Pleasant Grove’s opening brief challenges the Tenth Circuit panel’s ruling on both government-speech and public-forum grounds. The brief argues, first, that Pleasant Grove’s decisions about the monuments to be displayed in Pioneer Park — including its decision not to put up the Summum monument — represent government speech. Governments at all levels routinely engage in a wide variety of speech expressing particular viewpoints, from Smokey the Bear reminding children that “Only You Can Prevent Wildfires,” to Nancy Reagan’s “Just Say No” campaign. And one well-established tradition of government speech is the selection and display of monuments on public land, like those on the National Mall. Monuments frequently serve as statements of respect for history, as commemorations of important individuals or entities in the community, as celebrations of culture, or as tributes to the defining significance of events or organizations.
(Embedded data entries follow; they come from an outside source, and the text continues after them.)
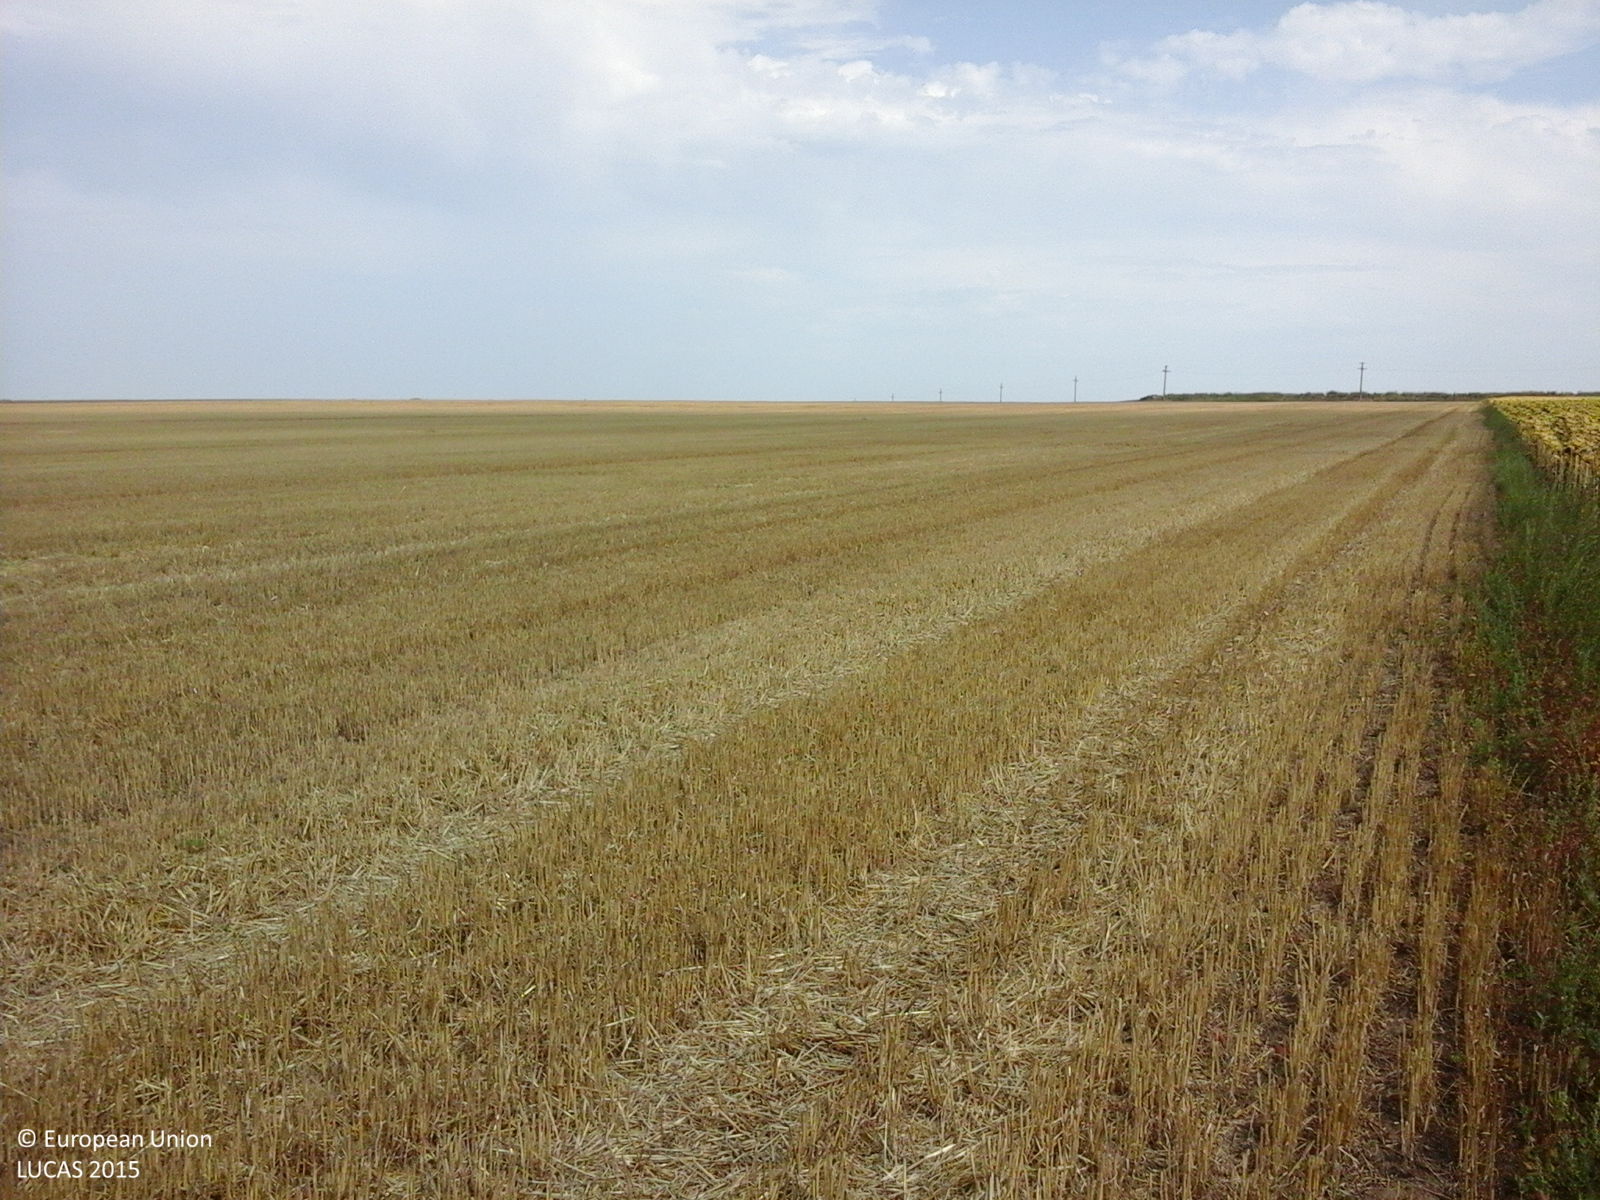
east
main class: Cropland
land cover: Sunflower
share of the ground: > 75 %
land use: Agriculture (excluding fallow land and kitchen gardens)
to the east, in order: Sunflower; Common wheat
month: August
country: RO
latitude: 43.9098
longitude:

The brief further argues that the mere fact that a monument was privately planned, created, and donated does not divest it of its governmental character, so long as a government made the ultimate editorial judgment to display it as consistent with the government’s message. Private parties have been instrumental in proposing or funding a large number of the United States’ most iconic monuments, such as the Vietnam Veterans’ Memorial. And, outside of the monument context, courts have recognized that government speech remains government speech even when private parties are heavily involved — the most prominent example being the government’s “Beef: It’s What’s for Dinner” campaign.

Pleasant Grove argues that its selection of privately donated monuments for display in Pioneer Park fits within this long tradition of government speech. As the speaker, the city argues, it is under no obligation to modify its message to accommodate Summum’s speech; instead, Pleasant Grove “is entitled to say what it wishes” through its monuments and can “take legitimate and appropriate steps to ensure that its message is neither garbled nor distorted.”

In addition to its government-speech argument, Pleasant Grove also argues that Pioneer Park is not a forum for private parties to display permanent, unattended monuments. As an initial matter, Pleasant Grove contends that the relevant “forum” is not Pioneer Park at all, but rather the city’s own policy about whether and when to display monuments — a policy to which no private party, including Summum, has been given access. Because Pleasant Grove is solely responsible for that policy, there is no “public” forum whatsoever in this case.

Even ignoring that point, however, Pleasant Grove argues that the Tenth Circuit erred by focusing on Pioneer Park’s status as a traditional public forum — public places that “by long tradition or by government fiat, have been devoted to assembly and debate.” Although public parks are traditional public forums for transient speech such as leafletting, carrying signs, and oral utterances, there is no similar historic tradition of allowing private parties to deposit unapproved, unattended monuments in public parks.

Nor is Pioneer Park a public forum that the government has expressly designated for private speakers to speak through monuments. Pleasant Grove points out that its monument policy does not allow any private party carte blanche to erect a monument; instead, the city retains the ultimate discretion to decide whether and when to accept a monument for display on public property.

Pleasant Grove ends its brief by pointing out the “practical nightmare that would follow from embracing the decision below.” “[D]onated monuments are ubiquitous on governmental property,” and such monuments frequently display a one-sided message from the government. If private parties can insist on adding their own monuments, then public spaces will quickly become cluttered with physical structures — or completely silent, as governments close off their spaces to all monuments.

Summum’s brief is due on August 15, and the case will be argued this fall, though no argument date has been set.